Hi, I am trying to increase my harvester (1.4.2) ...
# harvester
f
Hi, I am trying to increase my harvester (1.4.2) cluster. While installing a new node to my cluster, i give my join-token and the install process finishes, but on my
rancher-system-agent.service
log i see the following:
Copy code
Jul 28 10:04:17 kimura rancher-system-agent[4505]: W0728 10:04:17.749836    4505 reflector.go:462] pkg/mod/github.com/rancher/client-go@v1.29.3-rancher1/tools/cache/reflector.go:229: watch of *v1.Secret ended with: an error on the server ("unable to decode an event from the watch stream: stream error: stream ID 5; INTERNAL_ERROR; received from peer") has prevented the request from succeeding
then later
Copy code
Jul 28 11:11:09 kimura rancher-system-agent[14540]: time="2025-07-28T11:11:09Z" level=debug msg="[K8s] Processing secret custom-59c31a50be51-machine-plan in namespace fleet-local at generation 0 with resource version 640629564"
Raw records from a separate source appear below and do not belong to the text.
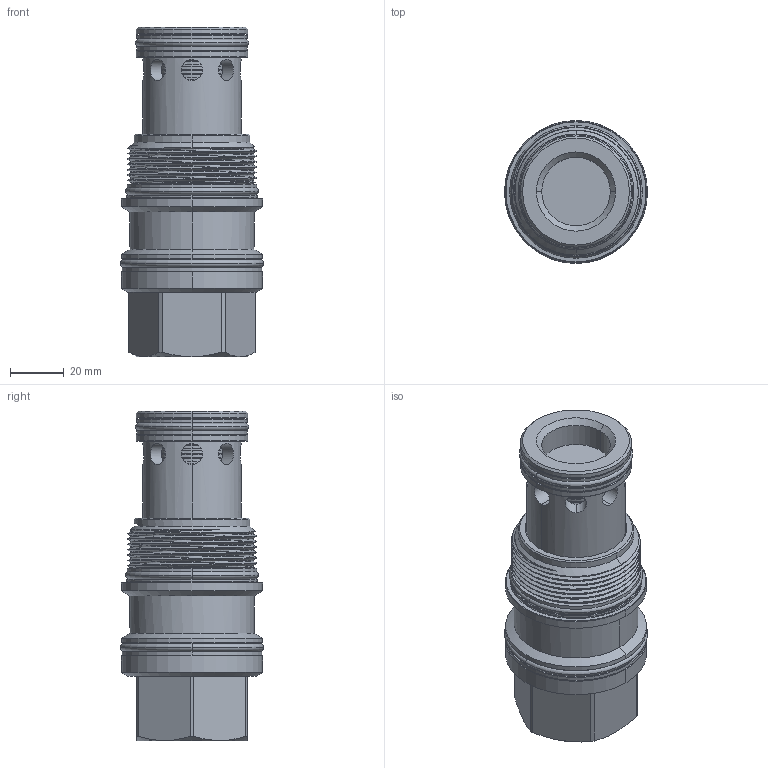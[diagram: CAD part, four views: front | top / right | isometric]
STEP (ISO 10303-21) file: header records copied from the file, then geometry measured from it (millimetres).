
FILE_DESCRIPTION (( 'STEP AP203' ), '1' );
FILE_NAME ('RV19A30-8.STEP', '2016-08-10T05:12:26', ( '' ), ( '' ), 'SwSTEP 2.0', 'SolidWorks 2012', '' );
FILE_SCHEMA (( 'CONFIG_CONTROL_DESIGN' ));
Length unit declared in the file: millimetre
Products named in the file (1): RV19A30-8
Bounding box: 53.11 x 53.11 x 122.36 mm (x, y, z)
Volume: 175591.8 mm3; surface area: 33985.9 mm2
Topology: 6 solids, 6 shells, 312 faces, 837 edges, 481 vertices
Faces by surface type: cylinder 198, plane 41, cone 41, torus 26, bspline 6
Entity records: 13366 total; most frequent: CARTESIAN_POINT 5741, ORIENTED_EDGE 1674, DIRECTION 1572, EDGE_CURVE 837, AXIS2_PLACEMENT_3D 703, VERTEX_POINT 481, CIRCLE 396, EDGE_LOOP 348
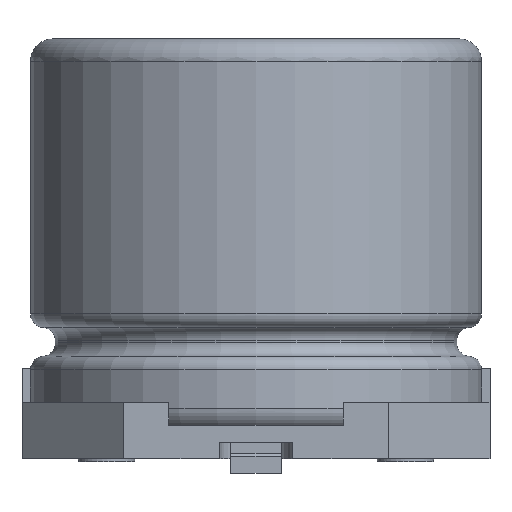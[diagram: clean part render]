
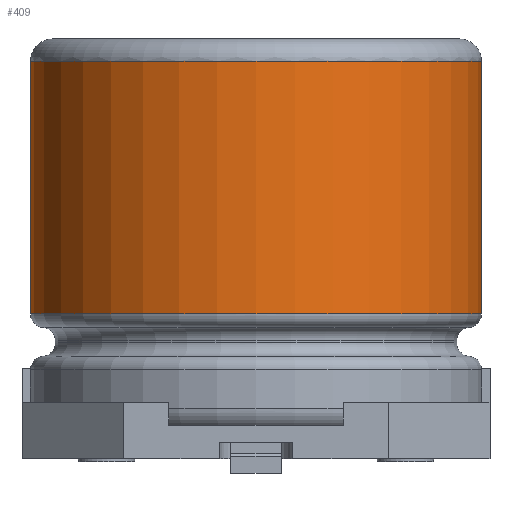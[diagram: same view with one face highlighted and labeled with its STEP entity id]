
A CAD part, front view. The second image highlights one B-rep face of the part: STEP entity #409.
In plain terms, the highlighted cylindrical face has radius 4 mm (diameter 8 mm), a full revolution.
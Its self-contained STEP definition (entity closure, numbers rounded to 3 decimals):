
#409 = ADVANCED_FACE( '', ( #946, #947 ), #948, .T. );
#946 = FACE_OUTER_BOUND( '', #1647, .T. );
#947 = FACE_OUTER_BOUND( '', #1648, .T. );
#948 = CYLINDRICAL_SURFACE( '', #1649, 4. );
#1647 = EDGE_LOOP( '', ( #2724 ) );
#1648 = EDGE_LOOP( '', ( #2725 ) );
#1649 = AXIS2_PLACEMENT_3D( '', #2726, #2727, #2728 );
#2724 = ORIENTED_EDGE( '', *, *, #4485, .T. );
#2725 = ORIENTED_EDGE( '', *, *, #4411, .T. );
#2726 = CARTESIAN_POINT( '', ( 0., 0., 9.9 ) );
#2727 = DIRECTION( '', ( 0., 0., -1. ) );
#2728 = DIRECTION( '', ( 1., 0., 0. ) );
#4411 = EDGE_CURVE( '', #5282, #5282, #5283, .T. );
#4485 = EDGE_CURVE( '', #5400, #5400, #5401, .T. );
#5282 = VERTEX_POINT( '', #6585 );
#5283 = CIRCLE( '', #6586, 4. );
#5400 = VERTEX_POINT( '', #6754 );
#5401 = CIRCLE( '', #6755, 4. );
#6585 = CARTESIAN_POINT( '', ( 4., 0., 2.073 ) );
#6586 = AXIS2_PLACEMENT_3D( '', #8154, #8155, #8156 );
#6754 = CARTESIAN_POINT( '', ( -4., 0., 6.55 ) );
#6755 = AXIS2_PLACEMENT_3D( '', #8242, #8243, #8244 );
#8154 = CARTESIAN_POINT( '', ( 0., 0., 2.073 ) );
#8155 = DIRECTION( '', ( 0., 0., 1. ) );
#8156 = DIRECTION( '', ( 1., 0., 0. ) );
#8242 = CARTESIAN_POINT( '', ( 0., 0., 6.55 ) );
#8243 = DIRECTION( '', ( 0., 0., -1. ) );
#8244 = DIRECTION( '', ( -1., 0., 0. ) );
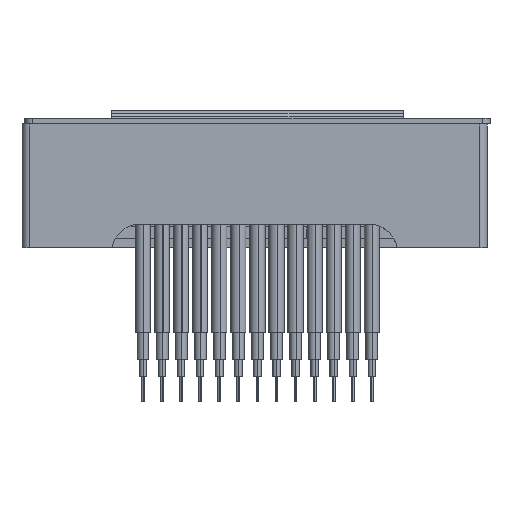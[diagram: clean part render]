
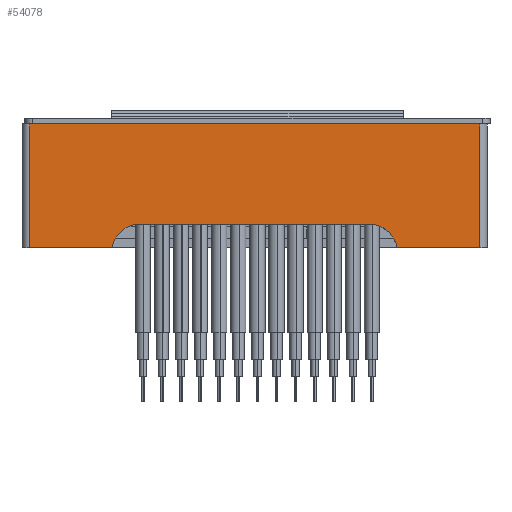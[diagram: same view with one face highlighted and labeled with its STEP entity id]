
A CAD part, left-side view. The second image highlights one B-rep face of the part: STEP entity #54078.
In plain terms, the highlighted face is planar.
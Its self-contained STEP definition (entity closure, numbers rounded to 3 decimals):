
#53775=AXIS2_PLACEMENT_3D('Circle Axis2P3D',#53773,#53774,$) ;
#54040=AXIS2_PLACEMENT_3D('Plane Axis2P3D',#54037,#54038,#54039) ;
#54051=AXIS2_PLACEMENT_3D('Circle Axis2P3D',#54049,#54050,$) ;
#53646=CARTESIAN_POINT('Line Origine',(-11.8,-0.2,3.25)) ;
#53650=CARTESIAN_POINT('Vertex',(-11.8,-0.2,0.)) ;
#53652=CARTESIAN_POINT('Vertex',(-11.8,-0.2,6.5)) ;
#53746=CARTESIAN_POINT('Vertex',(-7.479,-0.2,0.)) ;
#53751=CARTESIAN_POINT('Line Origine',(-9.64,-0.2,0.)) ;
#53773=CARTESIAN_POINT('Axis2P3D Location',(-6.,-0.2,-0.25)) ;
#53777=CARTESIAN_POINT('Vertex',(-6.,-0.2,1.25)) ;
#54005=CARTESIAN_POINT('Vertex',(11.8,-0.2,6.5)) ;
#54025=CARTESIAN_POINT('Line Origine',(0.,-0.2,6.5)) ;
#54037=CARTESIAN_POINT('Axis2P3D Location',(0.,-0.2,0.)) ;
#54042=CARTESIAN_POINT('Line Origine',(0.,-0.2,1.25)) ;
#54046=CARTESIAN_POINT('Vertex',(6.,-0.2,1.25)) ;
#54049=CARTESIAN_POINT('Axis2P3D Location',(6.,-0.2,-0.25)) ;
#54053=CARTESIAN_POINT('Vertex',(7.479,-0.2,0.)) ;
#54056=CARTESIAN_POINT('Line Origine',(9.64,-0.2,0.)) ;
#54060=CARTESIAN_POINT('Vertex',(11.8,-0.2,0.)) ;
#54063=CARTESIAN_POINT('Line Origine',(11.8,-0.2,3.25)) ;
#53647=DIRECTION('Vector Direction',(0.,0.,1.)) ;
#53752=DIRECTION('Vector Direction',(1.,0.,0.)) ;
#53774=DIRECTION('Axis2P3D Direction',(0.,1.,-0.)) ;
#54026=DIRECTION('Vector Direction',(1.,0.,0.)) ;
#54038=DIRECTION('Axis2P3D Direction',(0.,1.,-0.)) ;
#54039=DIRECTION('Axis2P3D XDirection',(-1.,0.,0.)) ;
#54043=DIRECTION('Vector Direction',(1.,0.,0.)) ;
#54050=DIRECTION('Axis2P3D Direction',(0.,1.,-0.)) ;
#54057=DIRECTION('Vector Direction',(1.,0.,0.)) ;
#54064=DIRECTION('Vector Direction',(0.,0.,1.)) ;
#53648=VECTOR('Line Direction',#53647,1.) ;
#53753=VECTOR('Line Direction',#53752,1.) ;
#54027=VECTOR('Line Direction',#54026,1.) ;
#54044=VECTOR('Line Direction',#54043,1.) ;
#54058=VECTOR('Line Direction',#54057,1.) ;
#54065=VECTOR('Line Direction',#54064,1.) ;
#54069=ORIENTED_EDGE('',*,*,#53779,.T.) ;
#54070=ORIENTED_EDGE('',*,*,#54048,.T.) ;
#54071=ORIENTED_EDGE('',*,*,#54055,.T.) ;
#54072=ORIENTED_EDGE('',*,*,#54062,.T.) ;
#54073=ORIENTED_EDGE('',*,*,#54067,.T.) ;
#54074=ORIENTED_EDGE('',*,*,#54029,.F.) ;
#54075=ORIENTED_EDGE('',*,*,#53654,.F.) ;
#54076=ORIENTED_EDGE('',*,*,#53755,.T.) ;
#54078=ADVANCED_FACE('Hauptk\X2\00F6\X0\rper',(#54077),#54041,.F.) ;
#53776=CIRCLE('generated circle',#53775,1.5) ;
#54052=CIRCLE('generated circle',#54051,1.5) ;
#53654=EDGE_CURVE('',#53651,#53653,#53649,.T.) ;
#53755=EDGE_CURVE('',#53651,#53747,#53754,.T.) ;
#53779=EDGE_CURVE('',#53747,#53778,#53776,.T.) ;
#54029=EDGE_CURVE('',#53653,#54006,#54028,.T.) ;
#54048=EDGE_CURVE('',#53778,#54047,#54045,.T.) ;
#54055=EDGE_CURVE('',#54047,#54054,#54052,.T.) ;
#54062=EDGE_CURVE('',#54054,#54061,#54059,.T.) ;
#54067=EDGE_CURVE('',#54061,#54006,#54066,.T.) ;
#54068=EDGE_LOOP('',(#54069,#54070,#54071,#54072,#54073,#54074,#54075,#54076)) ;
#54077=FACE_OUTER_BOUND('',#54068,.T.) ;
#53649=LINE('Line',#53646,#53648) ;
#53754=LINE('Line',#53751,#53753) ;
#54028=LINE('Line',#54025,#54027) ;
#54045=LINE('Line',#54042,#54044) ;
#54059=LINE('Line',#54056,#54058) ;
#54066=LINE('Line',#54063,#54065) ;
#54041=PLANE('',#54040) ;
#53651=VERTEX_POINT('',#53650) ;
#53653=VERTEX_POINT('',#53652) ;
#53747=VERTEX_POINT('',#53746) ;
#53778=VERTEX_POINT('',#53777) ;
#54006=VERTEX_POINT('',#54005) ;
#54047=VERTEX_POINT('',#54046) ;
#54054=VERTEX_POINT('',#54053) ;
#54061=VERTEX_POINT('',#54060) ;

how can i debug it further or make sure i can connect the new harvester with the running harvester?
my rancherd log looks like:
Copy code
Jul 28 10:01:18 kimura rancherd[4304]: time="2025-07-28T10:01:18Z" level=info msg="[stderr]: time=\"2025-07-28T10:01:18Z\" level=info msg=\"Running probes defined in /var/lib/rancher/rancherd/plan/plan.json\""
Jul 28 10:01:19 kimura rancherd[4304]: time="2025-07-28T10:01:19Z" level=info msg="[stderr]: time=\"2025-07-28T10:01:19Z\" level=info msg=\"Probe [kubelet] is unhealthy\""
a
@freezing-ability-583 we're getting the same thing on a 1.3.0 cluster.
One thing I have found is that the
machine-plan
does not appear to have any data in it (
kubectl get secret -n fleet-local custom-f836bd7aad6e-machine-plan
). It looks similar to this issue, but I'm not sure how to fix for Harvester.
👍 1
p
We've just resolved the problem @ambitious-knife-27333 mentioned above. Similar issue to here. In our case, certs did not auto-renew when restarting services, but:
/opt/rke2/bin/rke2 certificate rotate
Followed by kicking the
rke2-server
service on the control plane nodes seems to have done the trick. The failed node automatically joined the cluster as soon as the certs were regenerated.